__INPUT DATA__:

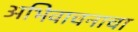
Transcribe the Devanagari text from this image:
अभिवाचनाचा
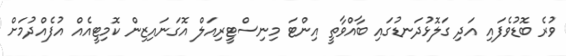
ވުރެ ބޮޑުވެފައި އަދި ގަލޮޅުދަނޑުގައި ބާއްވާތީ އިންޓަ މިނިސްޓީރިއަލް އޮގަނައިޒިން ކޮމިޓީއެއް އުފެއްދުމަށް
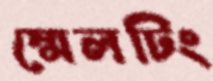
স্মেলটিং
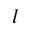
l
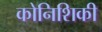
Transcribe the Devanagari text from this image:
कोनिशिकी
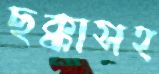
ছক্কাসহ
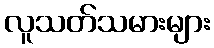
လူသတ်သမားများ
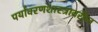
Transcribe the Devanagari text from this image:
पर्यावरणशास्त्रावरील
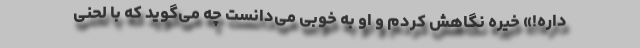
داره!» خیره نگاهش کردم و او به خوبی می‌دانست چه می‌گوید که با لحنی
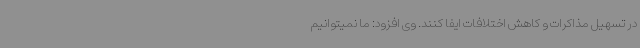
در تسهیل مذاکرات و کاهش اختلافات ایفا کنند. وی افزود: ما نمیتوانیم
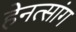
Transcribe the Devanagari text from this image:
हेनत्सांग
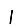
Digit: 1
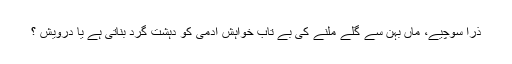
ذرا سوچیے، ماں بہن سے گلے ملنے کی بے تاب خواہش آدمی کو دہشت گرد بناتی ہے یا درویش ؟
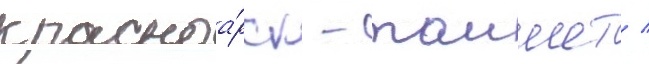
красноа́рск - таишет /
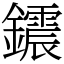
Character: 𨯂
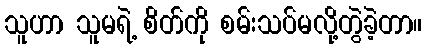
သူဟာ သူမရဲ့ စိတ်ကို စမ်းသပ်မလို့တွဲခဲ့တာ။
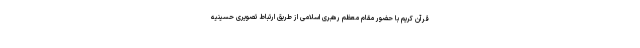
قرآن کریم با حضور مقام معظم رهبری اسلامی از طریق ارتباط تصویریِ حسینیه
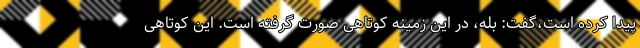
پیدا کرده است،گفت: بله، در این زمینه کوتاهی صورت گرفته است. این کوتاهی
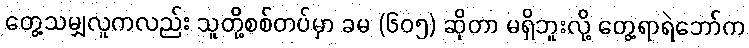
တွေ့သမျှလူကလည်း သူတို့စစ်တပ်မှာ ခမ (၆၀၅) ဆိုတာ မရှိဘူးလို့ တွေ့ရာရဲဘော်က
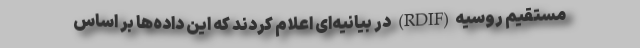
مستقیم روسیه(RDIF) در بیانیه‌ای اعلام کردند که این داده‌ها بر اساس
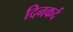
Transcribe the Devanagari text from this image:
दिनकर्द
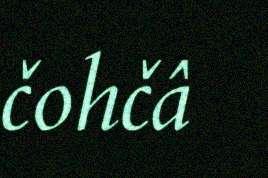
čohčâ
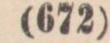
(682)
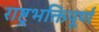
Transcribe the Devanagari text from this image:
राष्ट्रभक्तिपूर्ण
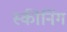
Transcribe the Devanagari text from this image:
स्कीनिंग
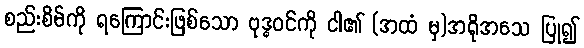
စည်းစိမ်ကို ရကြောင်းဖြစ်သော ဗုဒ္ဓဝင်ကို ငါ၏ (အထံ မှ)အရိုအသေ ပြု၍
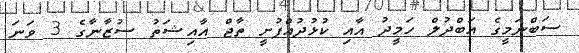
ސަބްނަމީގެ އަބްދުލް ހަމީދު އާއި ކުޅުދުއްފުށީ ތާޖް އާއިޝަތު ސުޒާނާގެ 3 ވަނަ
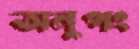
অনুপং
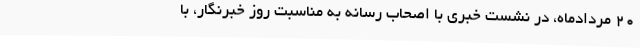
20 مردادماه، در نشست خبری با اصحاب رسانه به مناسبت روز خبرنگار، با
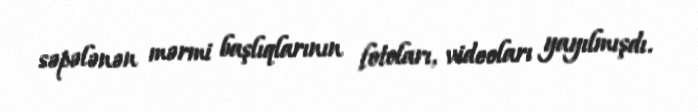
səpələnən mərmi başlıqlarının fotoları, videoları yayılmışdı.
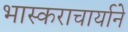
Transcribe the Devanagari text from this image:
भास्कराचार्याने
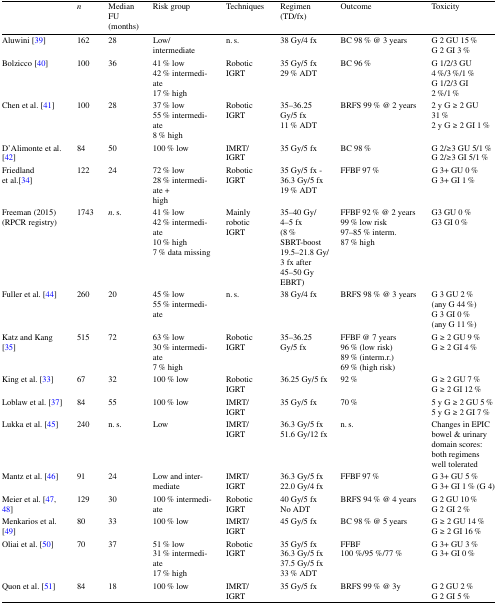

__TASK DIRECTIONS__:
What should appear is an exact reproduction of the lines from the one with "Character: 𨯂" through the end of the material above, and no pictures.

__PROBLEM SOLUTION__:
Character: 𨯂
သူဟာ သူမရဲ့ စိတ်ကို စမ်းသပ်မလို့တွဲခဲ့တာ။
قرآن کریم با حضور مقام معظم رهبری اسلامی از طریق ارتباط تصویریِ حسینیه
پیدا کرده است،گفت: بله، در این زمینه کوتاهی صورت گرفته است. این کوتاهی
တွေ့သမျှလူကလည်း သူတို့စစ်တပ်မှာ ခမ (၆၀၅) ဆိုတာ မရှိဘူးလို့ တွေ့ရာရဲဘော်က
مستقیم روسیه(RDIF) در بیانیه‌ای اعلام کردند که این داده‌ها بر اساس
Transcribe the Devanagari text from this image:
दिनकर्द
čohčâ
(682)
Transcribe the Devanagari text from this image:
राष्ट्रभक्तिपूर्ण
Transcribe the Devanagari text from this image:
स्कीनिंग
စည်းစိမ်ကို ရကြောင်းဖြစ်သော ဗုဒ္ဓဝင်ကို ငါ၏ (အထံ မှ)အရိုအသေ ပြု၍
ސަބްނަމީގެ އަބްދުލް ހަމީދު އާއި ކުޅުދުއްފުށީ ތާޖް އާއިޝަތު ސުޒާނާގެ 3 ވަނަ
অনুপং
20 مردادماه، در نشست خبری با اصحاب رسانه به مناسبت روز خبرنگار، با
səpələnən mərmi başlıqlarının fotoları, videoları yayılmışdı.
Transcribe the Devanagari text from this image:
भास्कराचार्याने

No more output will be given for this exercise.